What you will do: A verbatim transcript of the data below is required, images omitted.

*** Opening of Input ***

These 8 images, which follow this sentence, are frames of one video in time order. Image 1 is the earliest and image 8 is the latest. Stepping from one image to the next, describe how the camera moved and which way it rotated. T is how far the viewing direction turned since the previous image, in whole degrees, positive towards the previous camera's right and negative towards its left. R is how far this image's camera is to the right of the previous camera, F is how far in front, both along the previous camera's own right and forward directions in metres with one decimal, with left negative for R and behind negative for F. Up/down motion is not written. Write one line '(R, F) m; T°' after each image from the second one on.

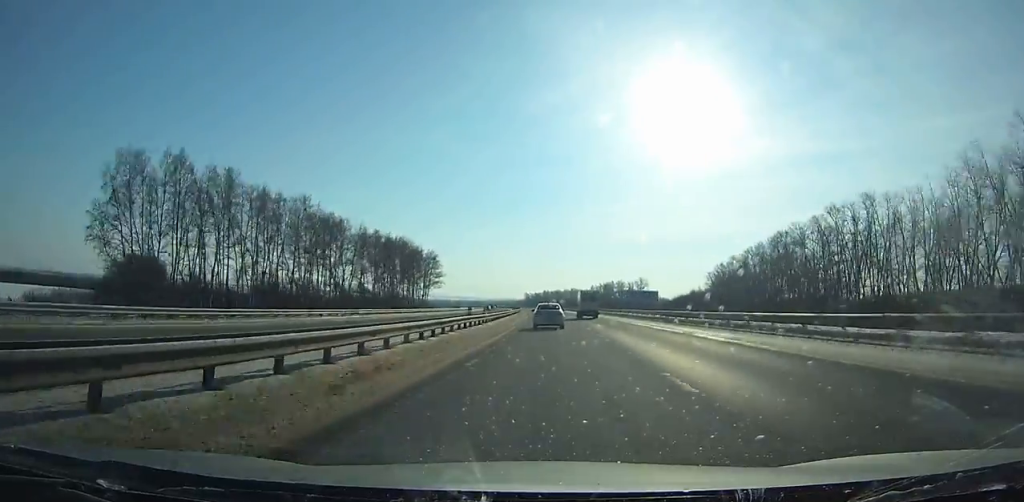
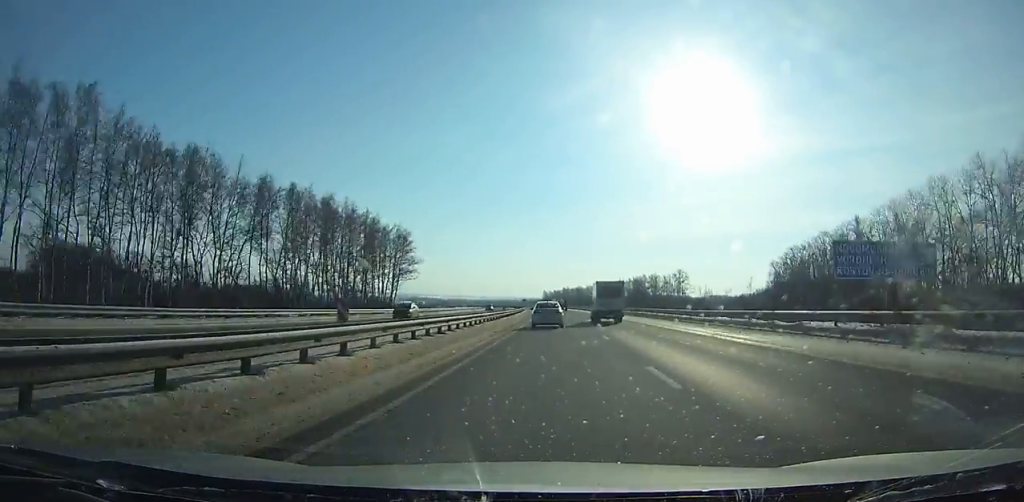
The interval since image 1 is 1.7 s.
(-0.5, +58.4) m; -2°
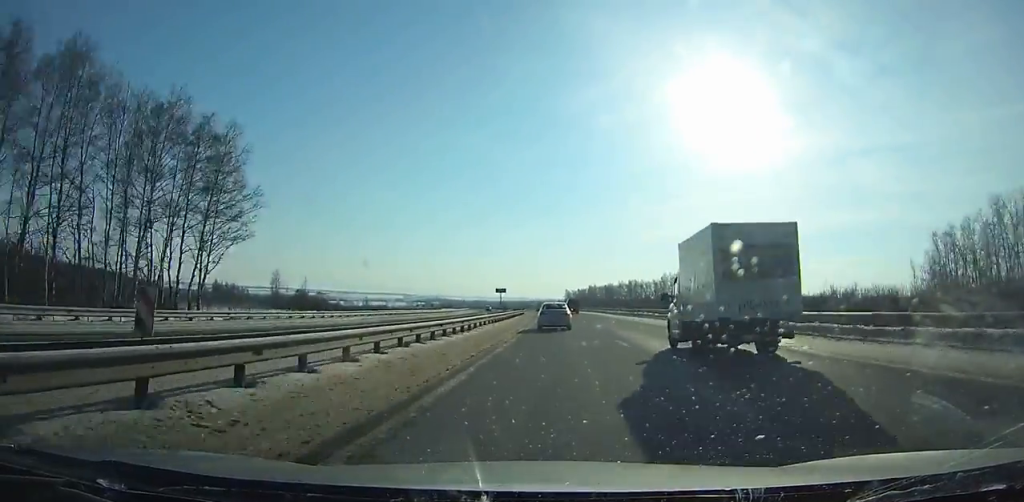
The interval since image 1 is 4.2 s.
(-1.5, +86.3) m; -2°
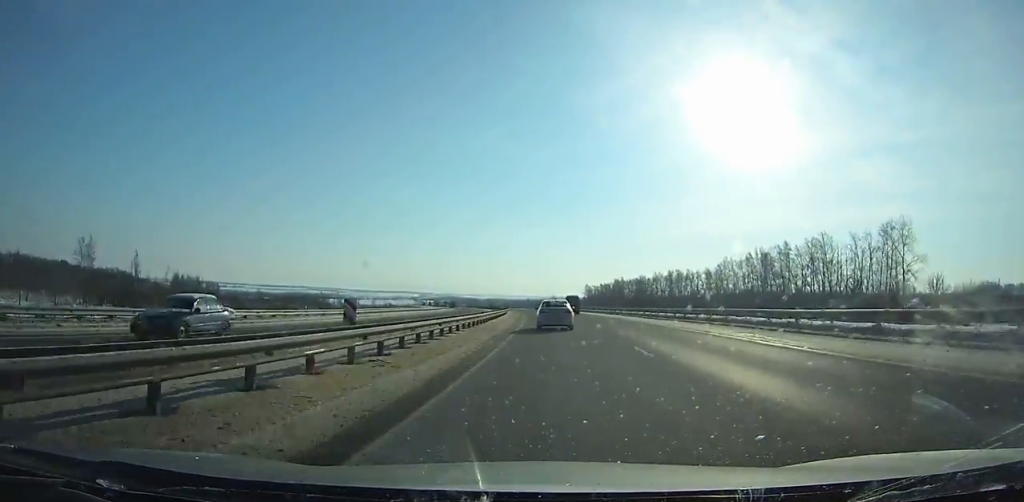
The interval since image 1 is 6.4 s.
(-1.5, +75.3) m; -3°
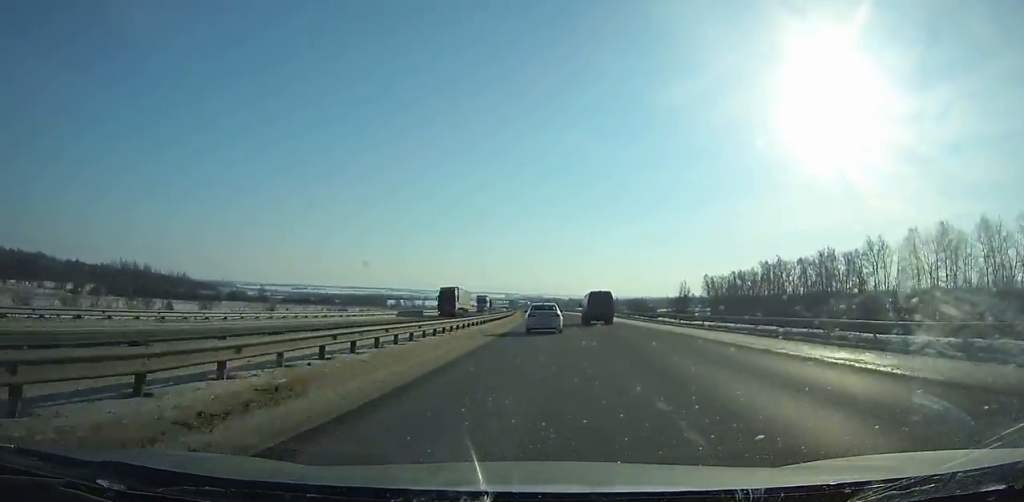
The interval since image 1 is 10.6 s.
(-8.4, +141.9) m; -7°
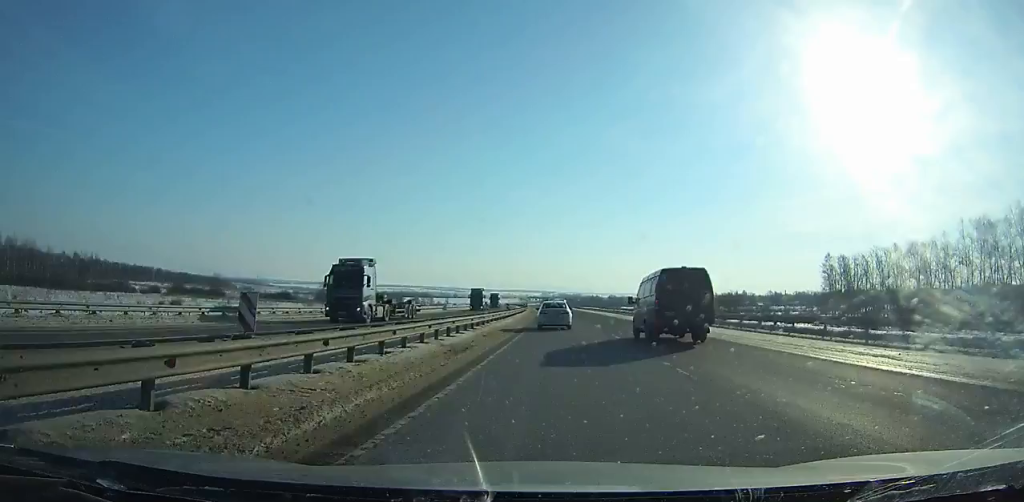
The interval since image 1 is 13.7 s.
(-4.5, +104.1) m; -4°
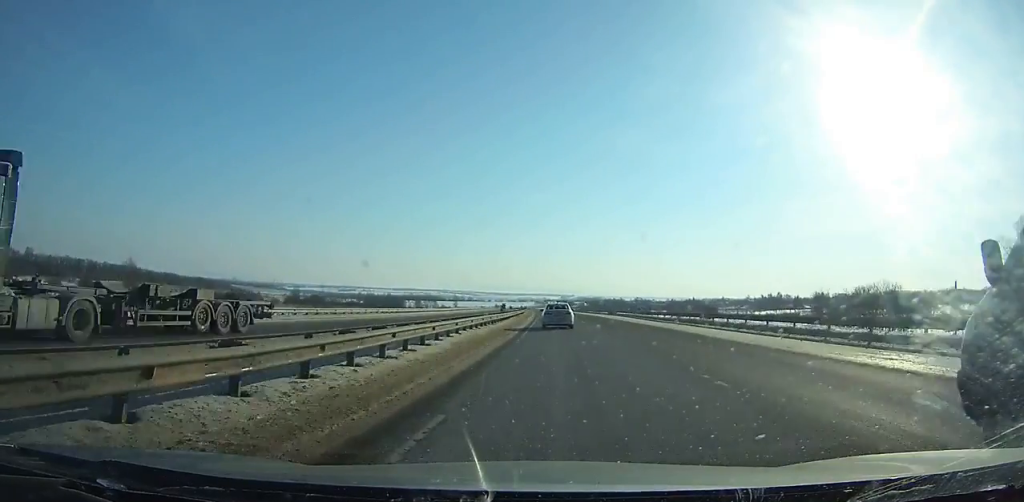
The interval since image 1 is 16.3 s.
(-1.3, +87.3) m; -2°
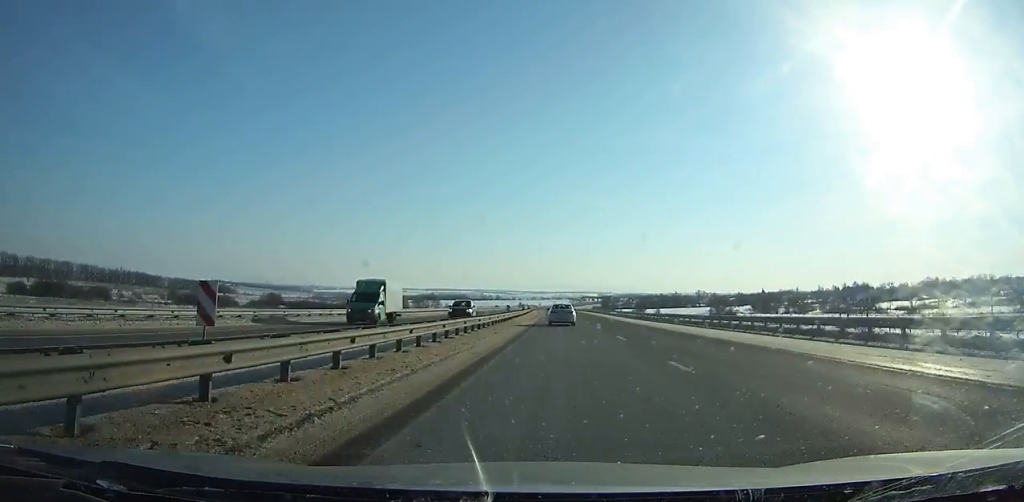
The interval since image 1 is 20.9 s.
(-4.3, +155.0) m; -3°
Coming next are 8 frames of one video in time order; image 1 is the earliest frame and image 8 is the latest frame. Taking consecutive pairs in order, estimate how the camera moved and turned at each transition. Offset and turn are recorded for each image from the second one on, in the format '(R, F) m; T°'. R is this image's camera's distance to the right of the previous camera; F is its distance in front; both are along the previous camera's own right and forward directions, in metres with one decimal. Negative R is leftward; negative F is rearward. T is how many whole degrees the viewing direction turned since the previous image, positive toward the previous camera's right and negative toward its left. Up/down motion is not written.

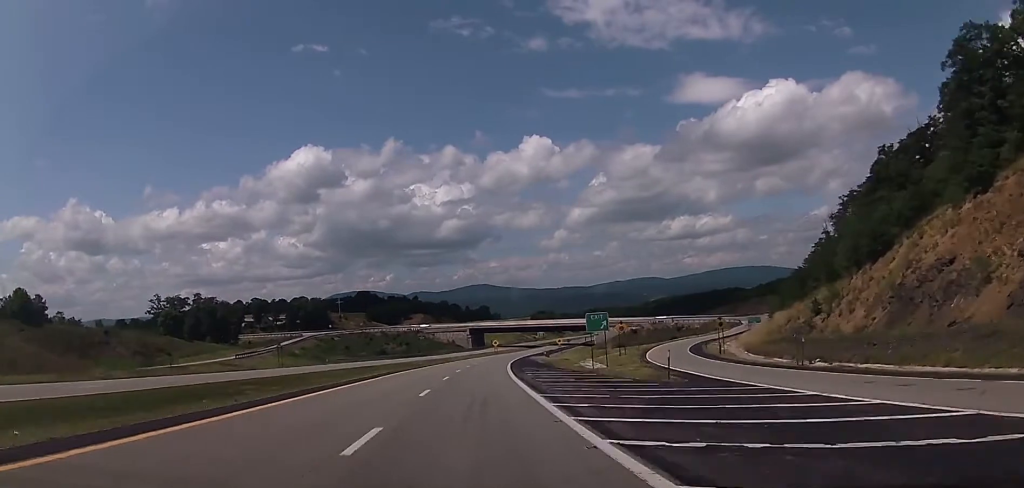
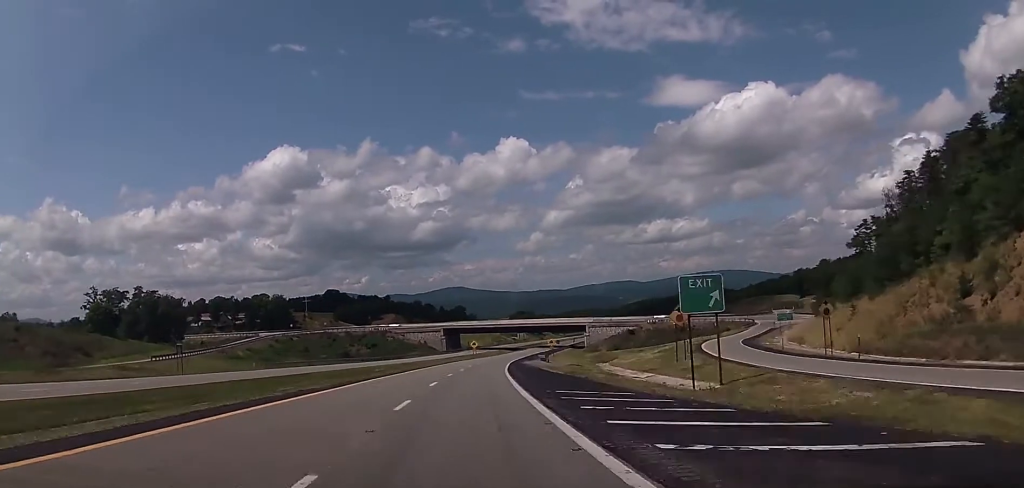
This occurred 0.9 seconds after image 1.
(+0.4, +29.3) m; +1°
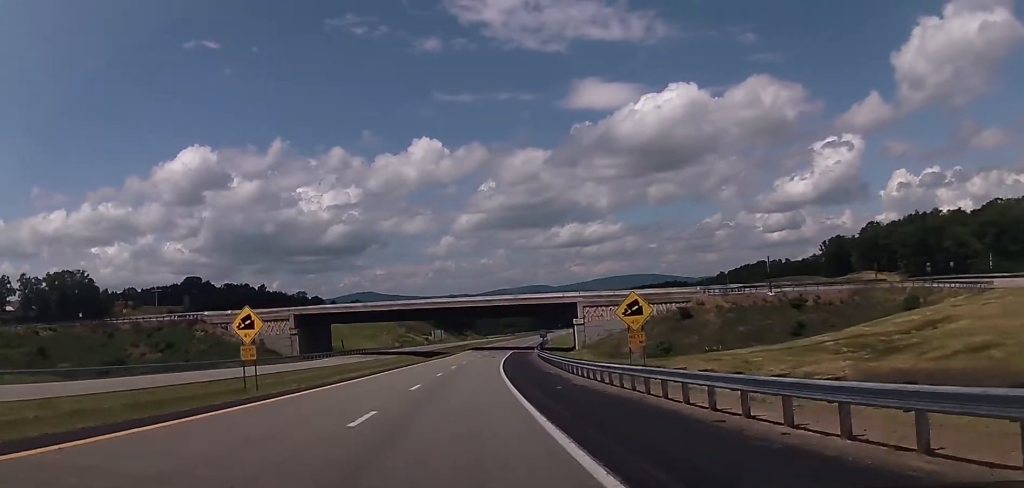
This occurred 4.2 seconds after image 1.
(+8.1, +114.0) m; +9°
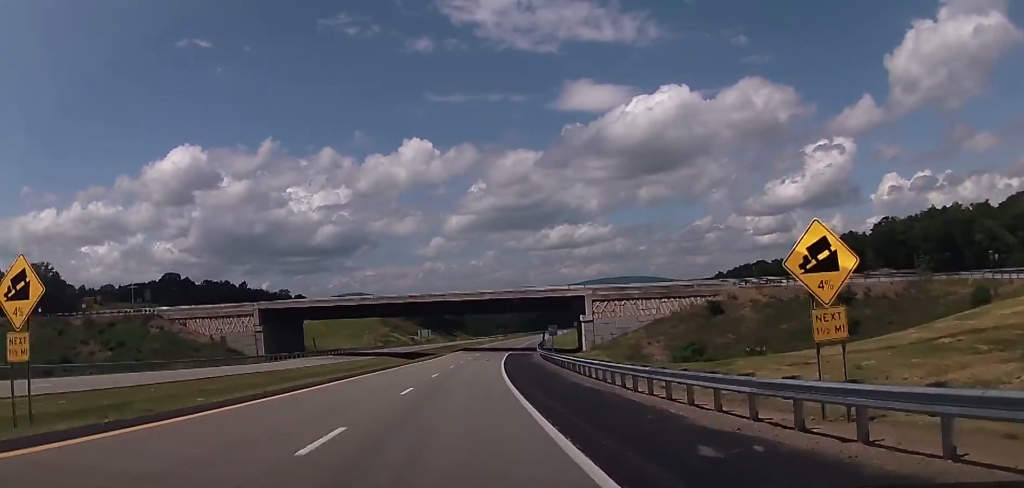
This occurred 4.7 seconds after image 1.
(+0.4, +15.9) m; +1°
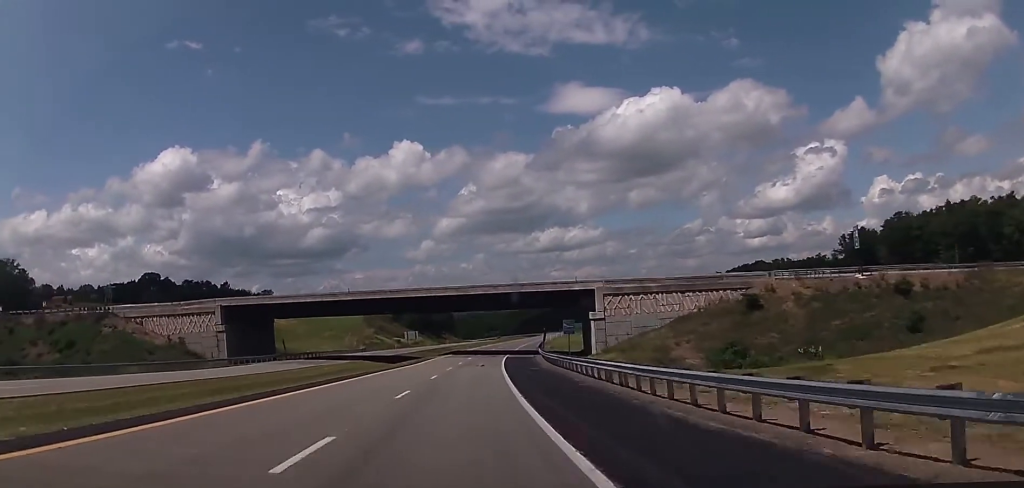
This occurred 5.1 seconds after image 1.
(+0.2, +13.6) m; +1°
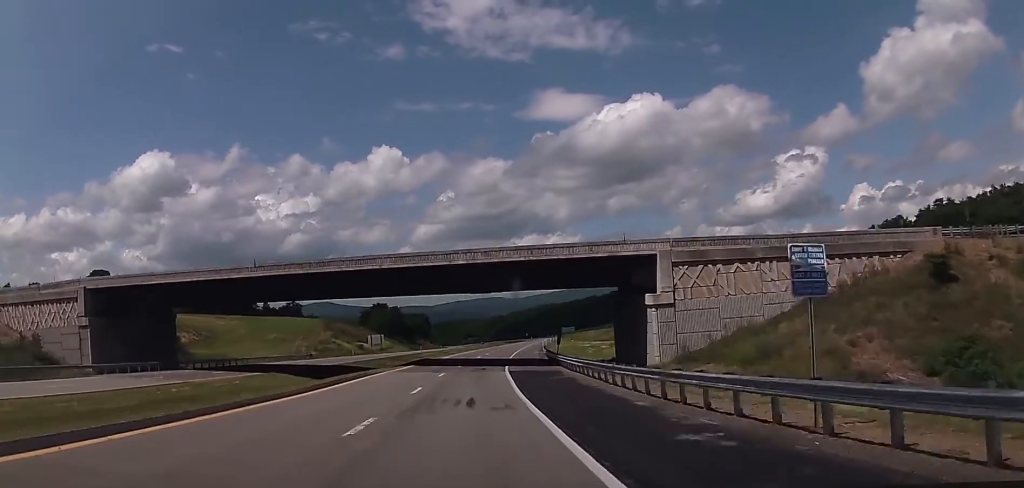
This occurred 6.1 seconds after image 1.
(+0.2, +32.9) m; +2°
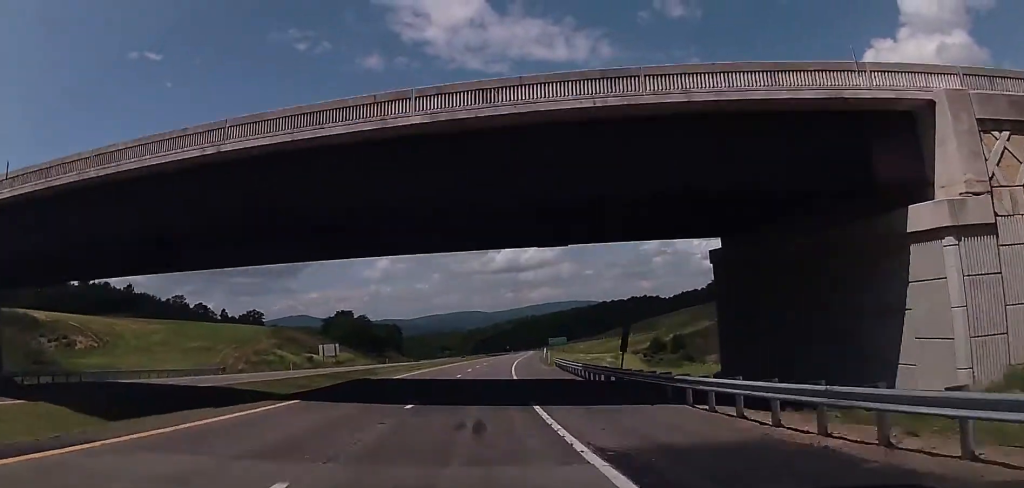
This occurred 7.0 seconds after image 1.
(+1.0, +31.8) m; +2°
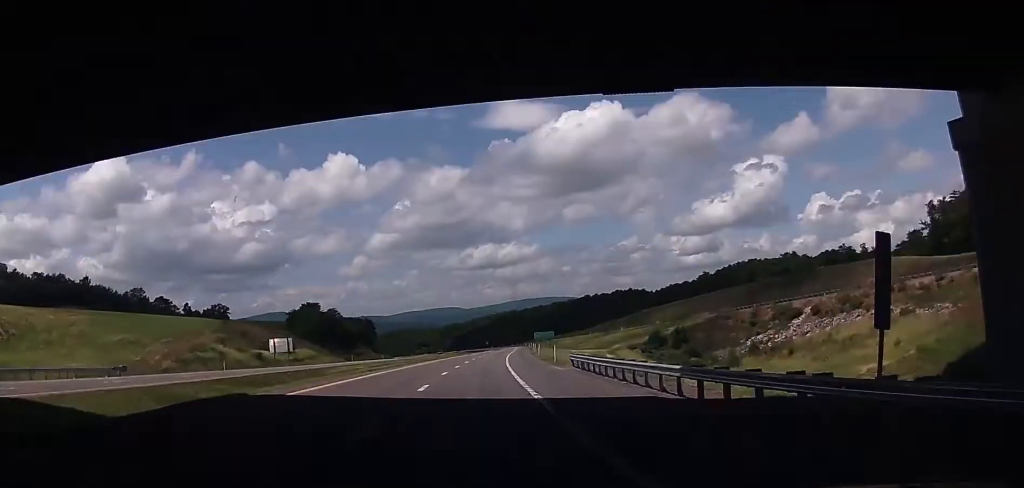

*** Close of Input ***

Task output:
These 8 images, which follow this sentence, are frames of one video in time order. Image 1 is the earliest and image 8 is the latest. Stepping from one image to the next, describe how the camera moved and which way it rotated. T is how far the viewing direction turned since the previous image, in whole degrees, positive towards the previous camera's right and negative towards its left. R is how far this image's camera is to the right of the previous camera, F is how far in front, both along the previous camera's own right and forward directions in metres with one decimal, with left negative for R and behind negative for F. Up/down motion is not written. Write one line '(R, F) m; T°' after each image from the second one on.

The interval since image 1 is 1.7 s.
(-0.5, +58.4) m; -2°
The interval since image 1 is 4.2 s.
(-1.5, +86.3) m; -2°
The interval since image 1 is 6.4 s.
(-1.5, +75.3) m; -3°
The interval since image 1 is 10.6 s.
(-8.4, +141.9) m; -7°
The interval since image 1 is 13.7 s.
(-4.5, +104.1) m; -4°
The interval since image 1 is 16.3 s.
(-1.3, +87.3) m; -2°
The interval since image 1 is 20.9 s.
(-4.3, +155.0) m; -3°
Coming next are 8 frames of one video in time order; image 1 is the earliest frame and image 8 is the latest frame. Taking consecutive pairs in order, estimate how the camera moved and turned at each transition. Offset and turn are recorded for each image from the second one on, in the format '(R, F) m; T°'. R is this image's camera's distance to the right of the previous camera; F is its distance in front; both are along the previous camera's own right and forward directions, in metres with one decimal. Negative R is leftward; negative F is rearward. T is how many whole degrees the viewing direction turned since the previous image, positive toward the previous camera's right and negative toward its left. Up/down motion is not written.

This occurred 0.9 seconds after image 1.
(+0.4, +29.3) m; +1°
This occurred 4.2 seconds after image 1.
(+8.1, +114.0) m; +9°
This occurred 4.7 seconds after image 1.
(+0.4, +15.9) m; +1°
This occurred 5.1 seconds after image 1.
(+0.2, +13.6) m; +1°
This occurred 6.1 seconds after image 1.
(+0.2, +32.9) m; +2°
This occurred 7.0 seconds after image 1.
(+1.0, +31.8) m; +2°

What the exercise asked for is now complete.